DECONVOLVING LEGACY AND CONTEMPORANEOUS WEATHERING IN A PORPHYRITIC RHYOLITE AND RHYOLITIC TUFF DOMINATED UPLAND CATCHMENT, VALLES CALDERA, NEW MEXICO

The Catalina-Jemez Critical Zone Observatory (CZO) investigations have focused primarily on near surface processes; including remote sensing and direct sampling of vegetation, soils, saprolite and waters. However, water/rock interaction, weathering and solute mobility along flowpaths in the deep (>10 m) CZ that echo near surface CZ processes (i.e. water, energy, and mass fluxes) are not well understood. We postulate a deep groundwater reservoir in fractured rhyolite exerts strong controls on solute discharges in upland catchments of the Jemez CZO within the Valles Caldera National Preserve in northern New Mexico.
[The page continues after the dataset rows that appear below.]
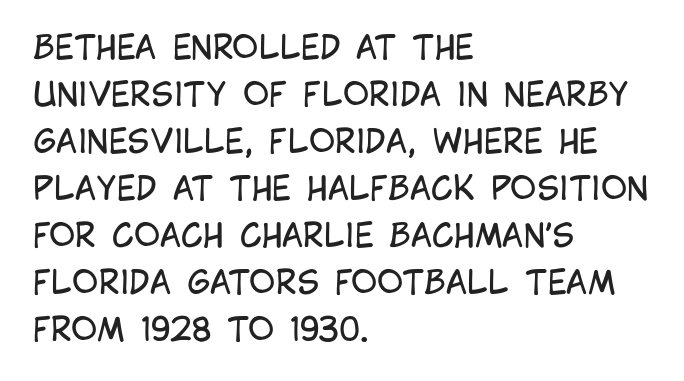
{"serif": "no", "italic": "no", "bold": "no", "weight": "regular", "width": "condensed", "stroke_contrast": "low", "x_height": "large", "monospaced": "no", "underline": "no", "align": "left", "line_spacing": "normal", "line_spacing_ratio": 1.47, "letter_spacing": "normal", "letter_spacing_em": 0.0, "glyph_px": 32}
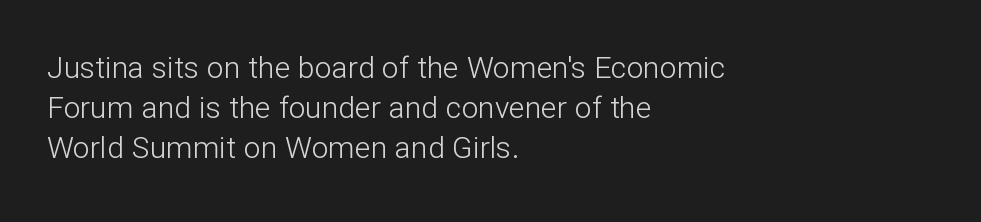
Q: Is the text bold? A: No.
Q: Is the text italic (slanted)? A: No, it is upright.
Q: Is the typeface a serif or a sans-serif typeface? A: Sans-serif.
Q: Is the text underlined? A: No.
Q: How is the paragraph aligned? A: Left-aligned.
Q: Is the spacing between letters normal or unusually wide? A: Normal.
Q: Is the spacing between lines tight, normal or loose? A: Normal.
Q: Width (condensed, normal, or wide)? A: Normal.
Q: Stroke contrast? A: Low.
Q: x-height? A: Medium.
Q: Monospaced? A: No.
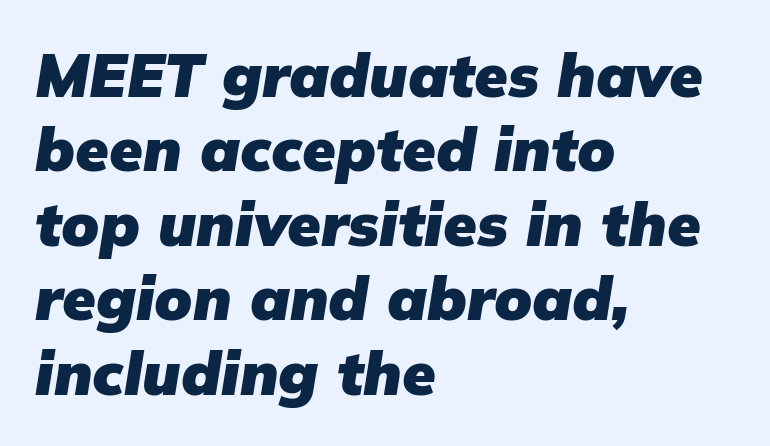
Q: Is the text bold? A: Yes.
Q: Is the text italic (slanted)? A: Yes, it leans right by about 9 degrees.
Q: Is the text underlined? A: No.
Q: How is the paragraph aligned? A: Left-aligned.
Q: Is the spacing between letters normal or unusually wide? A: Normal.
Q: Width (condensed, normal, or wide)? A: Normal.
Q: Stroke contrast? A: Low.
Q: x-height? A: Medium.
Q: Monospaced? A: No.
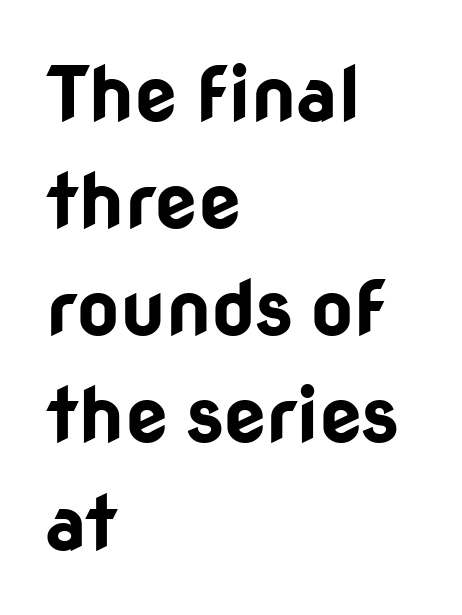
The image shows 76 px bold sans-serif type, upright; set left-aligned, normal line spacing (1.41x), normal letter spacing, not underlined; low stroke contrast and a medium x-height.
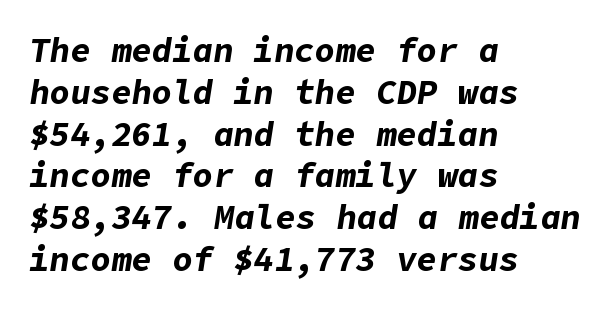
Observe the ordinary spacing: letters are neighbours, not strangers. A classic flush-left, rag-right setting is used for this passage. These lines were composed using italics. Its strokes are broad and dark, the hallmark of bold type. Descender tails drop into unmarked territory.
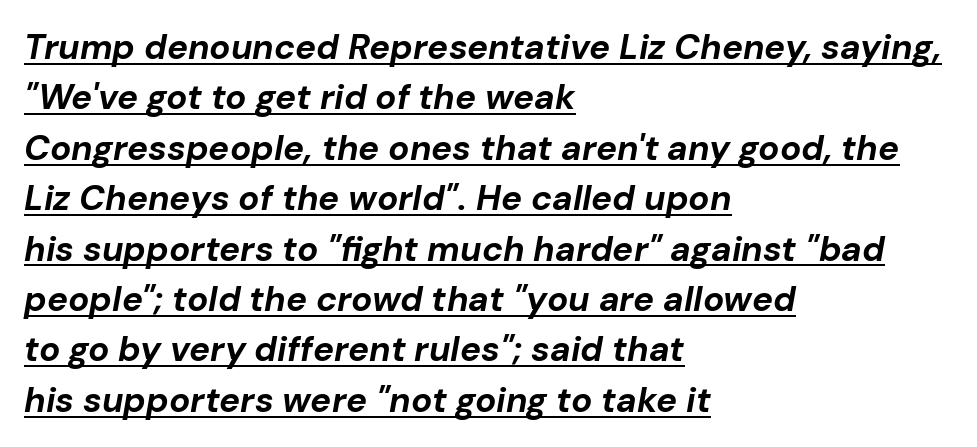
The image shows 35 px bold type, italic (leaning right); set left-aligned, normal line spacing (1.44x), normal letter spacing, underlined; low stroke contrast and a medium x-height.
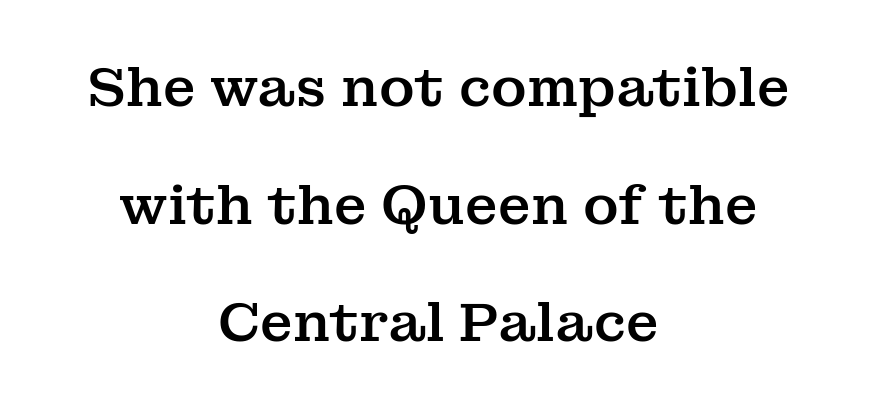
The image shows 54 px serif type, upright; set centered, loose line spacing (2.18x), normal letter spacing, not underlined; medium stroke contrast and a medium x-height.
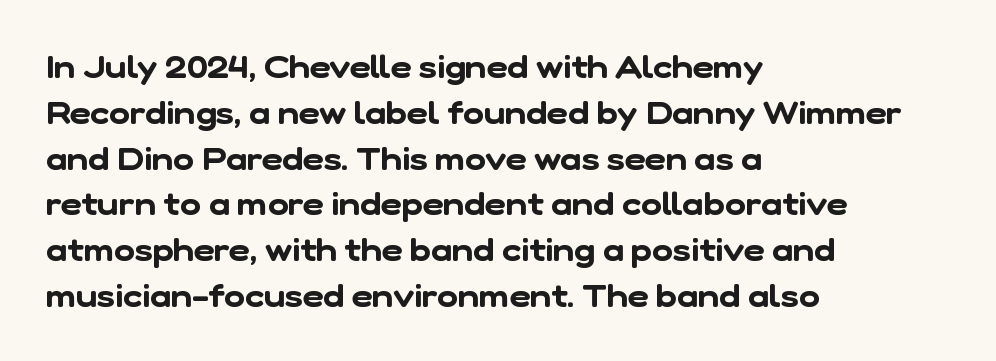
These lines stack with their left ends in a neat column. The gaps between neighbouring characters are ordinary and unremarkable. Summary of vertical rhythm: regular, with standard interline spacing. The rendering uses natural spacing where letterforms have individual widths.
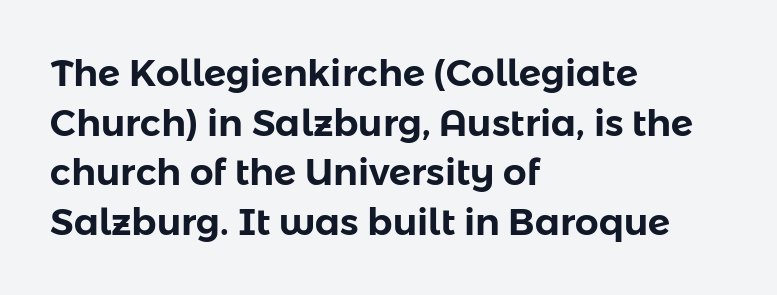
The image shows 37 px sans-serif type, upright; set left-aligned, normal line spacing (1.34x), normal letter spacing, not underlined; low stroke contrast and a medium x-height.
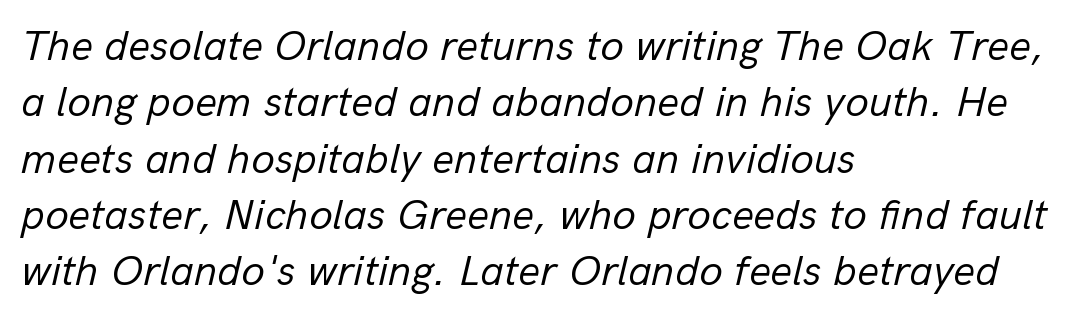
This rendering uses left alignment, leaving the right contour irregular. Slanted lettering throughout. Just letters on the line, the space beneath them empty. How would I describe the line gaps? Plain and ordinary. Nothing heavy about these letters — not bold at all.
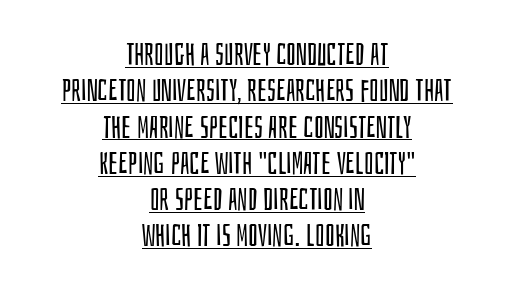
A centered setting, common on invitations and titles, is used for this passage. Characters remain perfectly vertical along every line. The passage shown is typed in a proportional face where columns would drift. What stands out about the letter spacing? Nothing — it is the standard amount. Check the space under the baseline: a stroke is drawn there. Stem width sits at or under what a default text font uses.
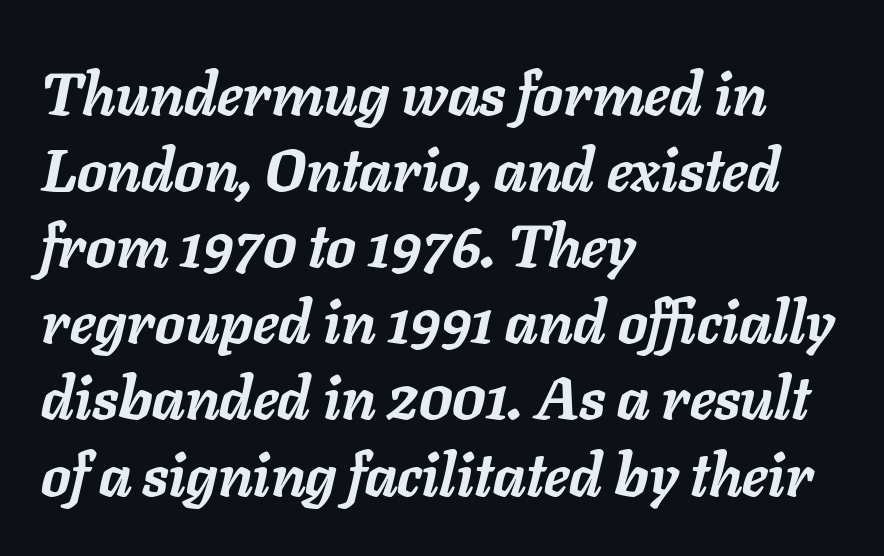
Compared with a centered layout, this one pins lines to the left instead. Here the designer chose a conventional face with non-uniform glyph widths. The designer left line spacing at the default. Words appear dense and cohesive because spacing is normal.
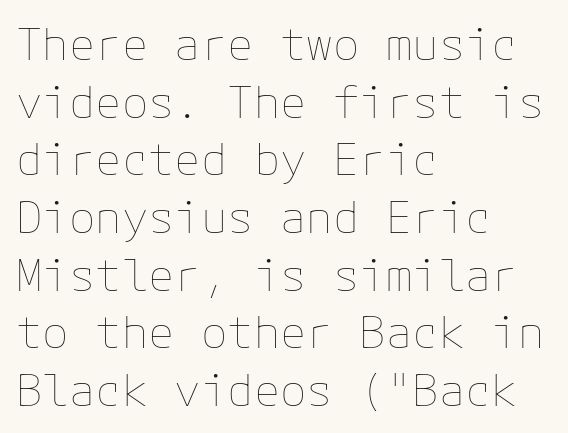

To investigate weathering processes in the deep CZ, we extracted three continuous cores to 40-50 m depth in summer of 2016 in one of our instrumented forested sub-catchments prior to instrumenting the boreholes as monitoring wells. The research goals were to understand depth- and geologic-dependent trends in the physical, chemical and biological structure, identify mineral transformations that result from hydrologic and biogeochemical dynamics, and describe lateral and vertical groundwater flow and its contribution to the geochemical evolution of the deep CZ. Results show complex weathering profiles at each of the three watershed positions attributable to a combination of legacy hydrothermal alteration, textural controls on weathering, development of preferential flowpaths, and differing hydrologic base levels. We used a multifaceted tool set to deconvolute the extent to which observed variation laterally and with depth resulted from legacy versus contemporary weathering processes. Co-located Ca-zeolites and smectite (up to 50% of bulk mineral composition) coupled with Mg, Fe, and Mn enrichment suggest legacy hydrothermal fluid intrusion contributed to mineral transformations in shallow portions (down to 15 meters) of the catchment east of a north trending fault bisecting the catchment and at depths below 15 meters west of the fault. Conversely, the presence of iron (oxy)hydroxides (up to 4%) coupled with calcite (17%), smectite (up to 49%), illite (up to 22%), absence of zeolites, and depletion of K, Na Si, and Ca in other portions of the catchment suggest contemporaneous glass, plagioclase and mica weathering is occurring at shallow depths and at textural transitions.